##### RECORDS FOR PROCESSING

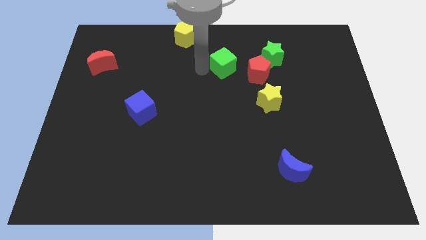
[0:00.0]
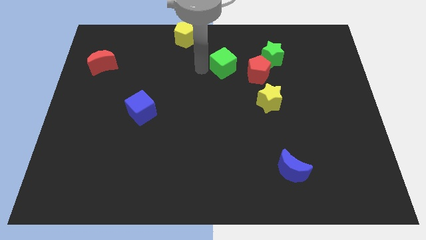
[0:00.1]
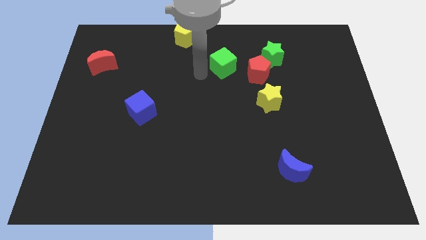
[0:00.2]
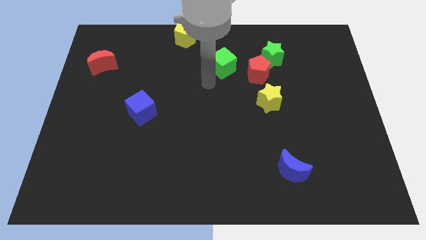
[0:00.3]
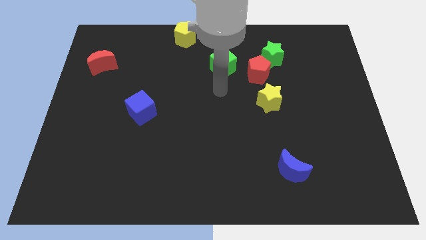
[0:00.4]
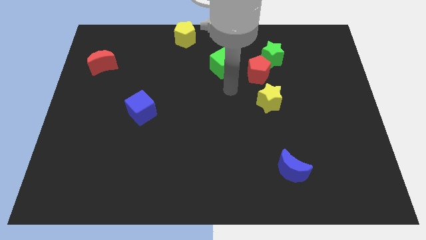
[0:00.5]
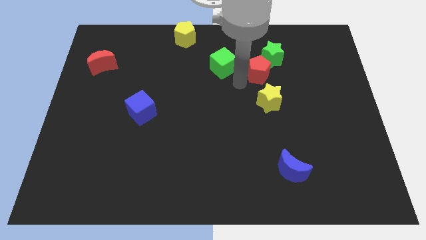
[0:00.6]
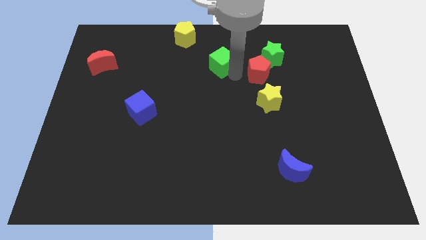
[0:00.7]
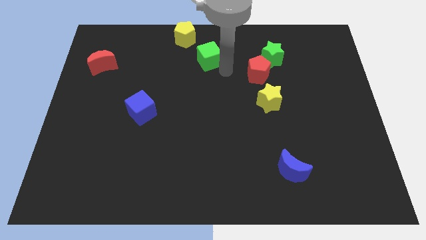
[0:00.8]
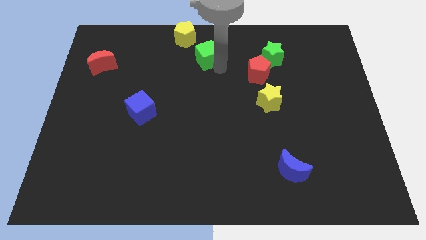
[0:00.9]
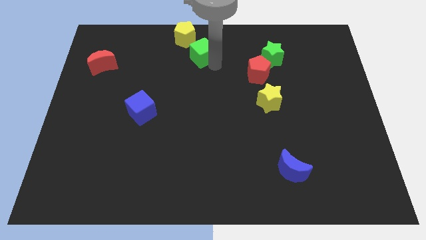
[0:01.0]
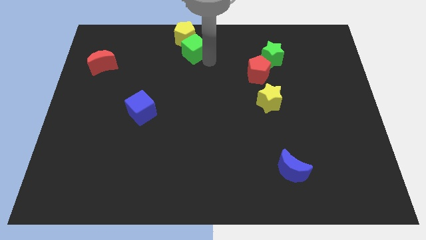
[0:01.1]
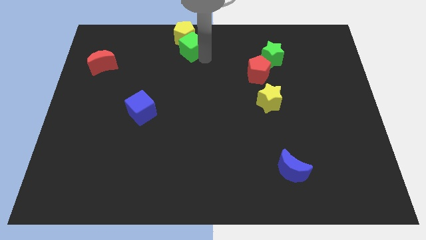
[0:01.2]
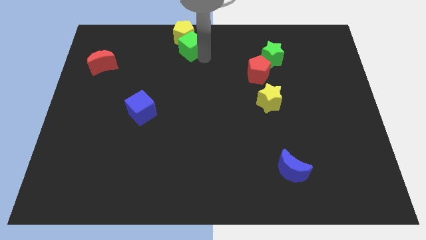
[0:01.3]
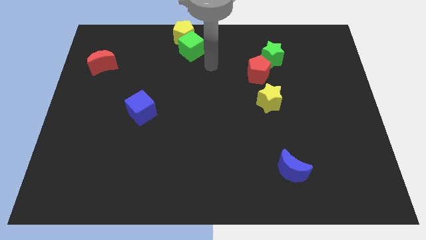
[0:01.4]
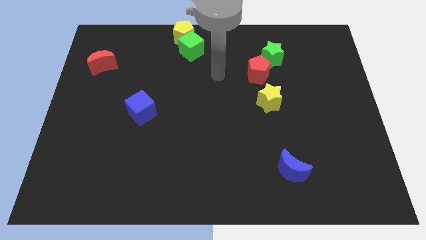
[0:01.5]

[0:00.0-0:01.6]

##########

#### ACTIVITY
With the images omitted, output all entries exactly as given.

#### PROBLEM SOLUTION
[0:00.0]
[0:00.1]
[0:00.2]
[0:00.3]
[0:00.4]
[0:00.5]
[0:00.6]
[0:00.7]
[0:00.8]
[0:00.9]
[0:01.0]
[0:01.1]
[0:01.2]
[0:01.3]
[0:01.4]
[0:01.5]

[0:00.0-0:01.6]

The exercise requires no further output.